La tarea educativa tiene la dimensión de la audiencia crítica, por lo que se proponen: “f) Educar la formación crítica en el uso de los medios de comunicación desde la primera edad. h) Suscitar leyes para promover una nueva cultura que proteja a los niños, jóvenes y a las personas más vulnerables, para que la comunicación no conculque los valores y, en cambio, cree criterios válidos de discernimiento. i) Desarrollar una política de comunicación capaz de ayudar, tanto las pastorales de comunicación como los medios de comunicación de inspiración católica, a encontrar su lugar en la misión evangelizadora de la Iglesia”.

Pero la V Conferencia aclara, con acierto que “Los medios de comunicación, en general, no sustituyen las relaciones personales ni la vida comunitaria local. Sin embargo, los sitios pueden reforzar y estimular el intercambio de experiencias y de informaciones que intensifiquen la práctica religiosa a través de acompañamientos y orientaciones.
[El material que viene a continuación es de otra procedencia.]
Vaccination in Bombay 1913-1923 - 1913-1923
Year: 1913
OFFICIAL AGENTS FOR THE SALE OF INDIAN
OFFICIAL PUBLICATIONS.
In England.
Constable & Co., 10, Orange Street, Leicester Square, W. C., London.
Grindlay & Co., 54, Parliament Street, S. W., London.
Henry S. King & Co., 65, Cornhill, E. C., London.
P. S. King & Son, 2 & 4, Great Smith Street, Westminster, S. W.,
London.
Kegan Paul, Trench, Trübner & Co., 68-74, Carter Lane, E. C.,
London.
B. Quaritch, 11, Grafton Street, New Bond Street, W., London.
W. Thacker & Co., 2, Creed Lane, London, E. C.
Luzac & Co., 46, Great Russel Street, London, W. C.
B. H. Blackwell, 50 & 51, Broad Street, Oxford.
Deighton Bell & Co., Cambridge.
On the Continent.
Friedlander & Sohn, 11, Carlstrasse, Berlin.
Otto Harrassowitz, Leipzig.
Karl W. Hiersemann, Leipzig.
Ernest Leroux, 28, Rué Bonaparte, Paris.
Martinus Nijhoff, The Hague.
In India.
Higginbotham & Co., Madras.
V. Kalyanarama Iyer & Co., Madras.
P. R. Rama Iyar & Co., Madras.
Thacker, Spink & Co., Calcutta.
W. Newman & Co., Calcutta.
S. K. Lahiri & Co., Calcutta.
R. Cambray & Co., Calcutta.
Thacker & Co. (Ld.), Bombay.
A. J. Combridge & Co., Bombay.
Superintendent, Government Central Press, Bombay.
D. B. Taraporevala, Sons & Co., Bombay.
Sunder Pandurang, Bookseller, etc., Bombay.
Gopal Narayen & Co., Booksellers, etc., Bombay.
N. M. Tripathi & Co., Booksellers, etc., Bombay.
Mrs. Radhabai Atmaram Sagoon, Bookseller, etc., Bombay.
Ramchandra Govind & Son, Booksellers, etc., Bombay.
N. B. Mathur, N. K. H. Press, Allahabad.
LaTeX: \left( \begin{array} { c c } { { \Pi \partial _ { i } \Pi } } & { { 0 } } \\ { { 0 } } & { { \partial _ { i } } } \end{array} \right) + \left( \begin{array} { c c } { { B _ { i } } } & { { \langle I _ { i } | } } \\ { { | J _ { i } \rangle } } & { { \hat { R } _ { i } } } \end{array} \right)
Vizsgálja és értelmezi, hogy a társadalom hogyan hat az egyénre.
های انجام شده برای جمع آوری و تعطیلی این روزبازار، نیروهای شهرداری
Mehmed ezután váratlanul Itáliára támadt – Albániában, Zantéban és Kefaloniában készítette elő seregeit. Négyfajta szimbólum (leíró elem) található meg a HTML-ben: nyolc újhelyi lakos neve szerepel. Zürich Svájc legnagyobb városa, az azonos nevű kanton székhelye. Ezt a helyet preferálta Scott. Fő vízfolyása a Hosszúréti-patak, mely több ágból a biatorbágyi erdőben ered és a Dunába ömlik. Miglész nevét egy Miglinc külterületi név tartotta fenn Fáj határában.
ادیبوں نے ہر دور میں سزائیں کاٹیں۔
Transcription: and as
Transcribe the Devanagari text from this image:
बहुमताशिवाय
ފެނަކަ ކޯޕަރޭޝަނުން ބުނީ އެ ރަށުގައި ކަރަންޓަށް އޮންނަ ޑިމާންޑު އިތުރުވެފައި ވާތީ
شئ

También en la familia deben los padres alertar a sus hijos para un uso consciente de los contenidos disponibles en la Internet, para complementar su formación educacional y moral” (n. 489).
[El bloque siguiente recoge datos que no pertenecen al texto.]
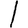
Digit: 1
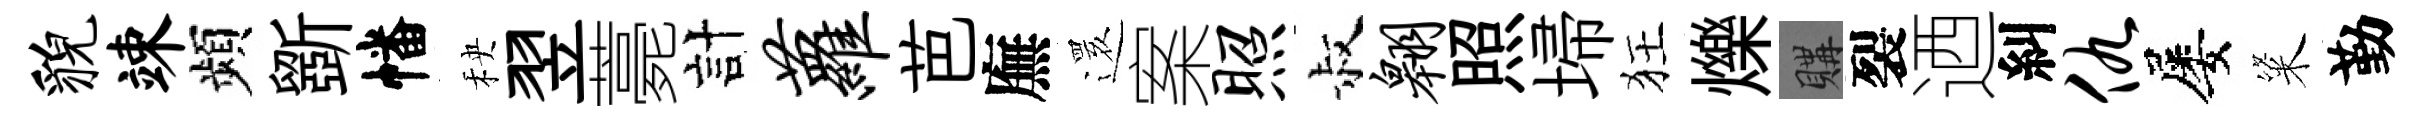
貌竦頻斵幡秧翌薧計萝芭廡𮟃案照叔翱照埽狂爍購裂迺糾仇屡粢勤
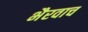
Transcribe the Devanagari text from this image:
भैरवाच
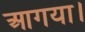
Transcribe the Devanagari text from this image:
आगया।
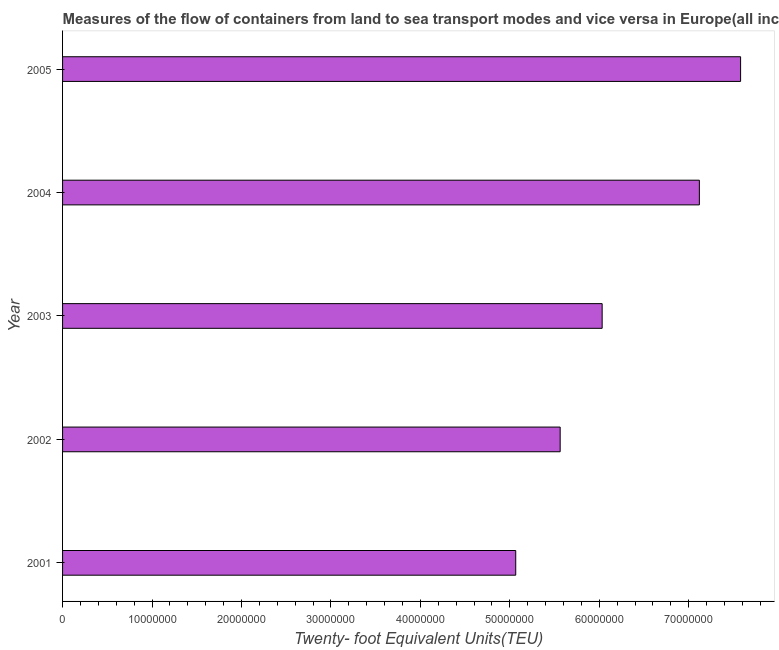
| Year | Container port traffic |
 | --- | --- |
 | 2001 | 5.07e+07 |
 | 2002 | 5.56e+07 |
 | 2003 | 6.03e+07 |
 | 2004 | 7.12e+07 |
 | 2005 | 7.58e+07 |
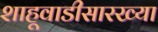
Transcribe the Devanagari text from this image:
शाहूवाडीसारख्या
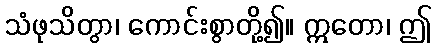
သံဖုသိတွာ၊ ကောင်းစွာတို့၍။ ဣတော၊ ဤ
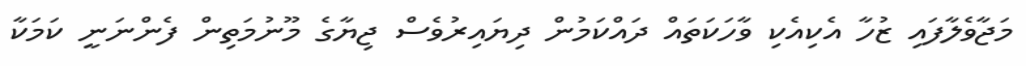
މަޖާވެލާފައި ޒުހާ އެކިއެކި ވާހަކަތައް ދައްކަމުން ދިޔައިރުވެސް ޖިޔާގެ މޫނުމަތިން ފެންނަނީ ކަމަކާ
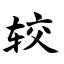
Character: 较
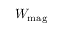
W _ { \mathrm { m a g } }
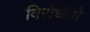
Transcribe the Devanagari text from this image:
विरोधैयो
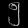
Digit: ၅
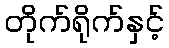
တိုက်ရိုက်နှင့်
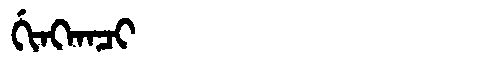
Manchu: ᡤᡳᠩᡴᠠᠴᡳ
Romanization: GINGKACI
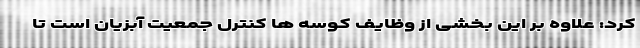
کرد: علاوه بر این بخشی از وظایف کوسه ها کنترل جمعیت آبزیان است تا
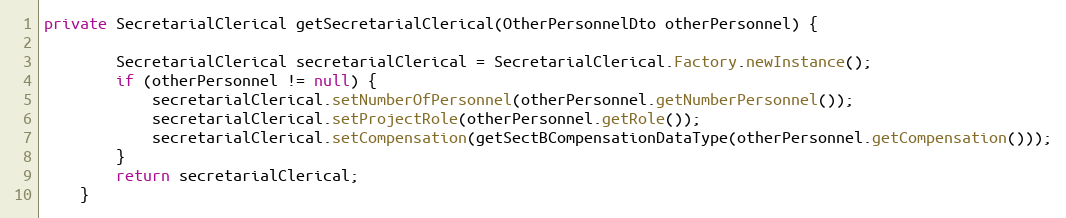
Language: Java
private SecretarialClerical getSecretarialClerical(OtherPersonnelDto otherPersonnel) {

        SecretarialClerical secretarialClerical = SecretarialClerical.Factory.newInstance();
        if (otherPersonnel != null) {
            secretarialClerical.setNumberOfPersonnel(otherPersonnel.getNumberPersonnel());
            secretarialClerical.setProjectRole(otherPersonnel.getRole());
            secretarialClerical.setCompensation(getSectBCompensationDataType(otherPersonnel.getCompensation()));
        }
        return secretarialClerical;
    }

En cuanto al otro fenómeno, ligado al subdesarrollo, la exclusión digital, llama a “las parroquias, comunidades, centros culturales e instituciones educacionales católicas” a estimular “la creación de puntos de red y salas digitales para promover la inclusión, desarrollando nuevas iniciativas y aprovechando, con una mirada positiva, aquellas que ya existen” (n. 490).

Así, Aparecida plantea nuevos conceptos y nuevos desafíos con relación a la comunicación, entendida en su plenitud y debe ser la base para planteamientos y soluciones de avanzada en los ámbitos de la comunicación social.
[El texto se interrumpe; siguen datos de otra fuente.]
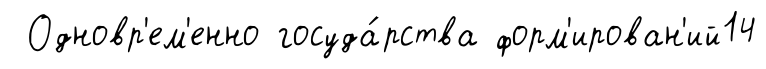
Одновр'ем'енно госуда́рства форм'ирован'ий14
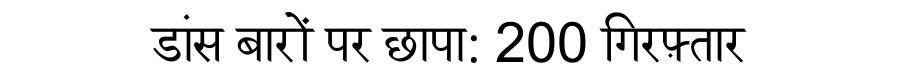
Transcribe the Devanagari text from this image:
डांस बारों पर छापा: 200 गिरफ़्तार
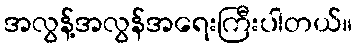
အလွန့်အလွန်အရေးကြီးပါတယ်။
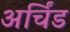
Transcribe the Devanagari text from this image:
अर्चिंड
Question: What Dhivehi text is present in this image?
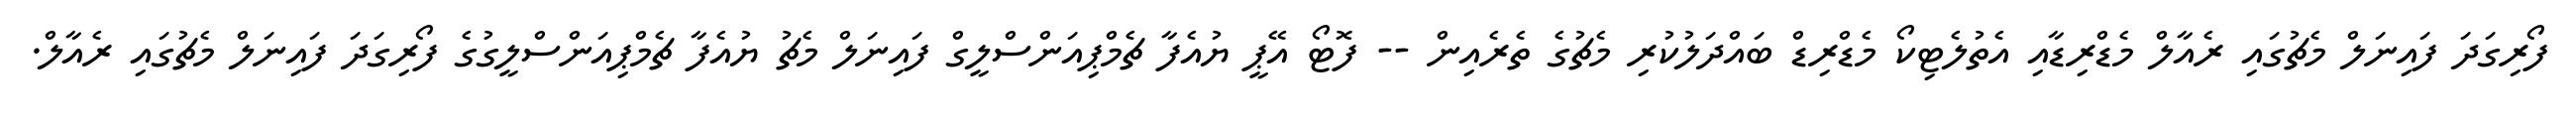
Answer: ފޯރިގަދަ ފައިނަލް މެޗުގައި ރެއާލް މެޑްރިޑާއި އެތުލެޓިކޯ މެޑްރިޑް ބައްދަލުކުރި މެޗުގެ ތެރެއިން -- ފޮޓޯ އޭޕީ ޔުއެފާ ޗެމްޕިއަންސްލީގް ފައިނަލް މެޗު ޔުއެފާ ޗެމްޕިއަންސްލީގުގެ ފޯރިގަދަ ފައިނަލް މެޗުގައި ރެއާލް.
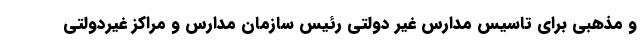
و مذهبی برای تاسیس مدارس غیر دولتی رئیس سازمان مدارس و مراکز غیردولتی
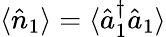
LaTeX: \langle\hat{n}_{1}\rangle=\langle\hat{a}_{1}^{\dagger}\hat{a}_{1}\rangle
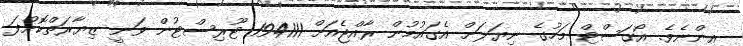
އިންނެވެ. އޯގަސްޓް މަހުގެ ނިޔަލަށް އެގައުމުން ރާއްޖެއަށް 194111 ޓޫރިސްޓުން ވަނީ ޒިޔާރަތްކޮށްފަ
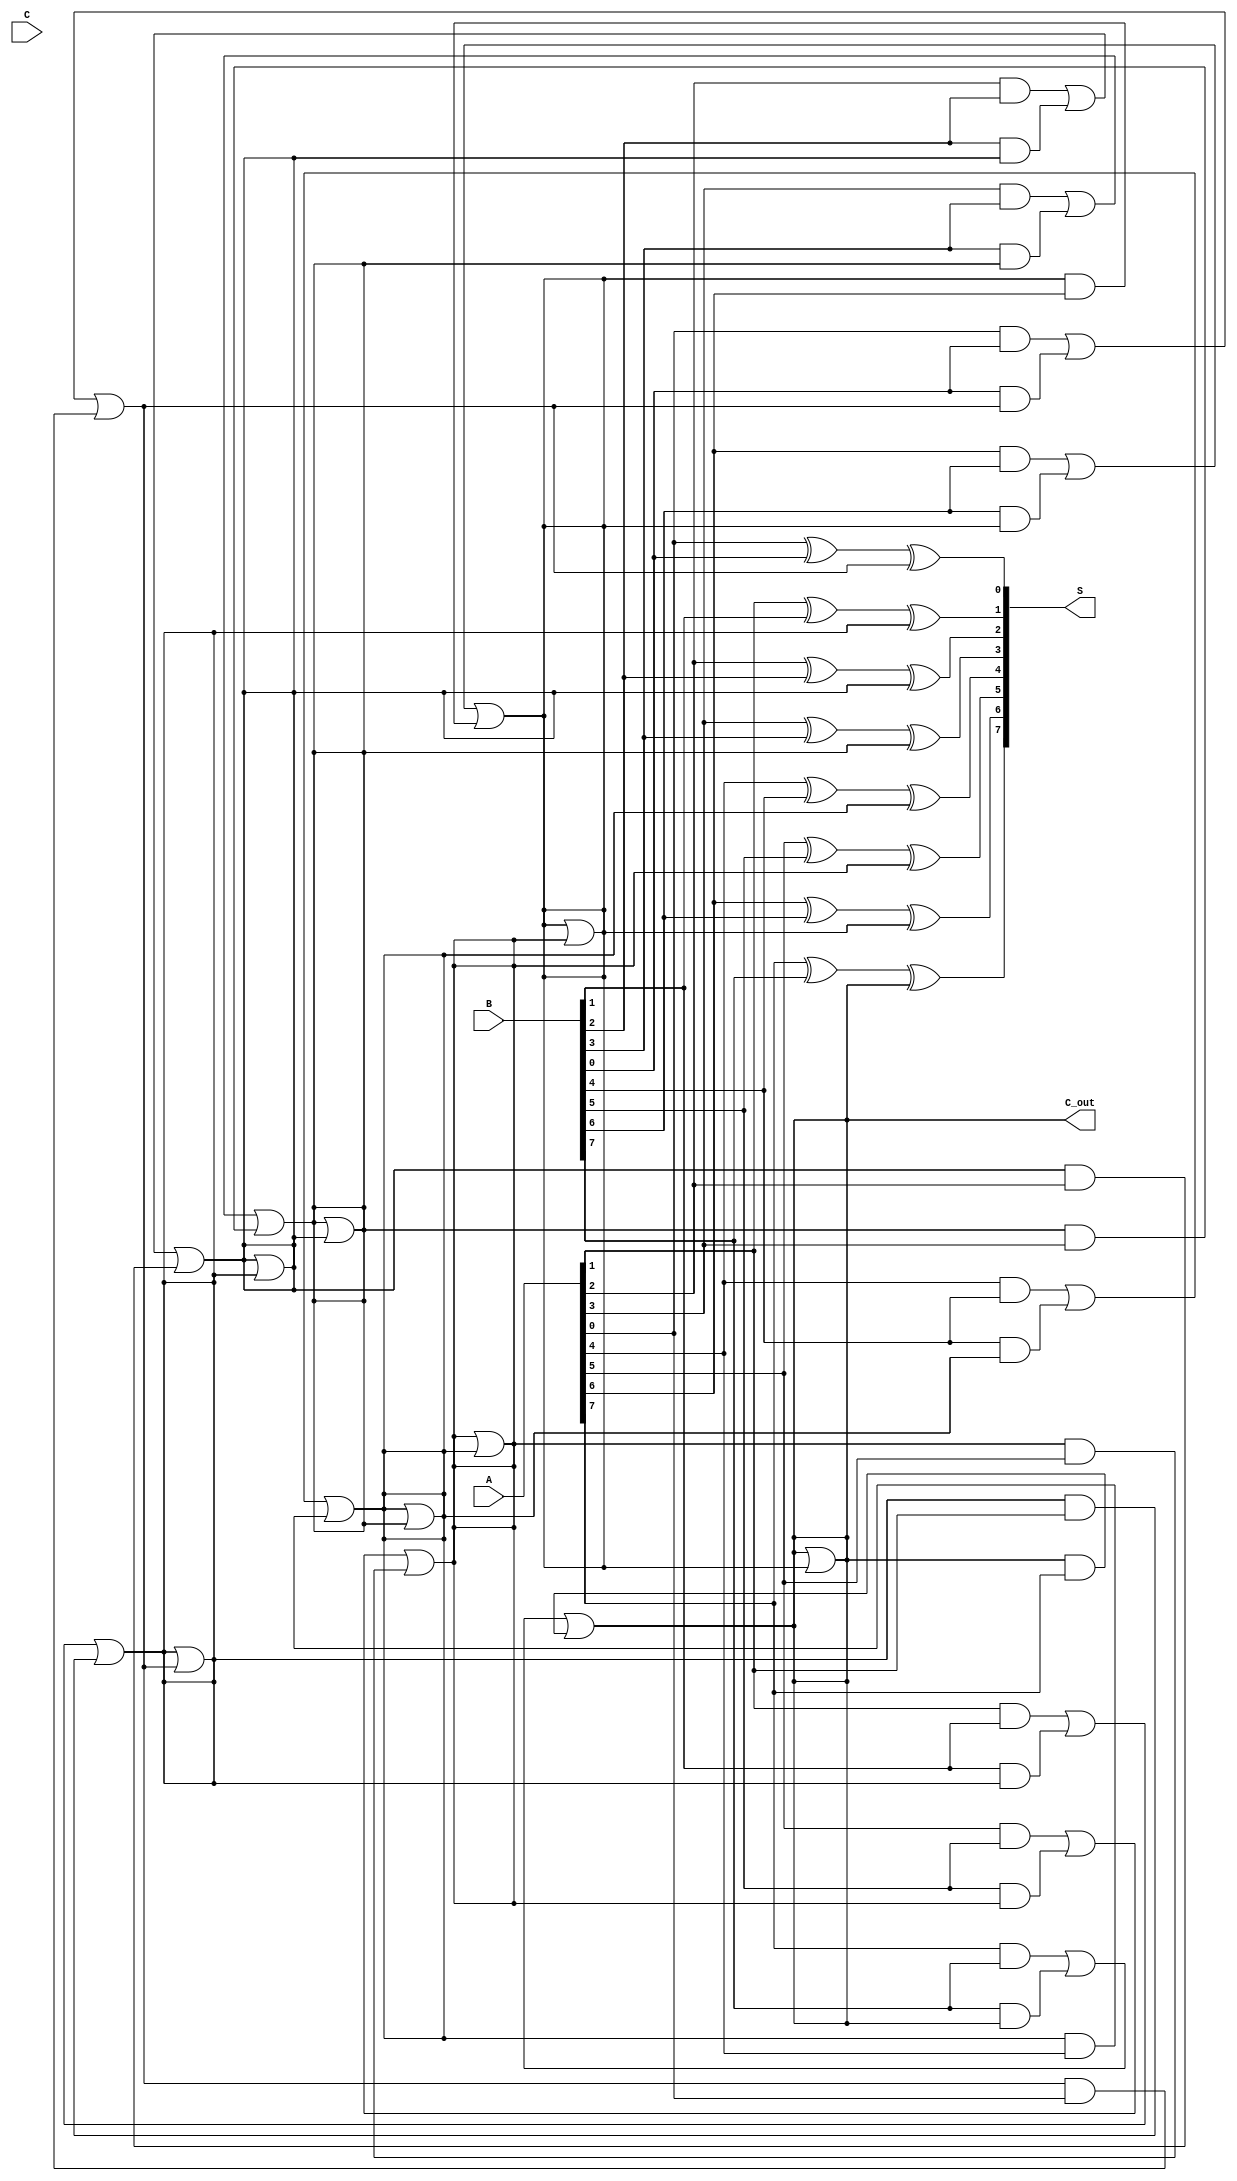
module RippleCarrySaveAdder #(
    parameter n = 8  // Define the bit width of the inputs
)(
    input  [n-1:0] A, // First input
    input  [n-1:0] B, // Second input
    input  [n-1:0] C, // Third input
    output [n-1:0] S, // Sum output
    output         C_out // Final carry output
);

    wire [n-1:0] P; // Partial sums
    wire [n-1:0] C; // Intermediate carries

    // Generate partial sums and carries
    genvar i;
    generate
        for (i = 0; i < n; i = i + 1) begin : RCSA
            // Partial sum for bit i
            assign P[i] = A[i] ^ B[i] ^ C[i];

            // Carry generation for bit i
            assign C[i] = (A[i] & B[i]) | (B[i] & C[i]) | (C[i] & A[i]);

            // Propagate carry to the next bit, if not the last bit
            if (i > 0) begin
                assign C[i] = C[i] | (C[i-1]);
            end
        end
    endgenerate

    // Assign final sum and carry out
    assign S = P;
    assign C_out = C[n-1]; // Final carry output from the last bit

endmodule

* Magister, Periodista, Ex Secretario de Comunicación, en el gobierno del Dr. Rodrigo Borja C., concejal y Vicealcalde de Quito; Miembro Correspondiente de la Academia Ecuatoriana de la Lengua; Miembro fundador de la Asociación de Comunicadores Cristianos del Ecuador, ACCE.

Artículo publicado en la revista digital Punto de Encuentro, de SIGNIS ALC, diciembre de 2017

Notas

1) Marques de Melo, José, Comunicación y Liberación (Petrópolis: Vozes, 1981), p. 11, cit. por Puntel, Joana T., La Iglesia y la democratización de la comunicación (Sao Paulo, Paulinas, 1994).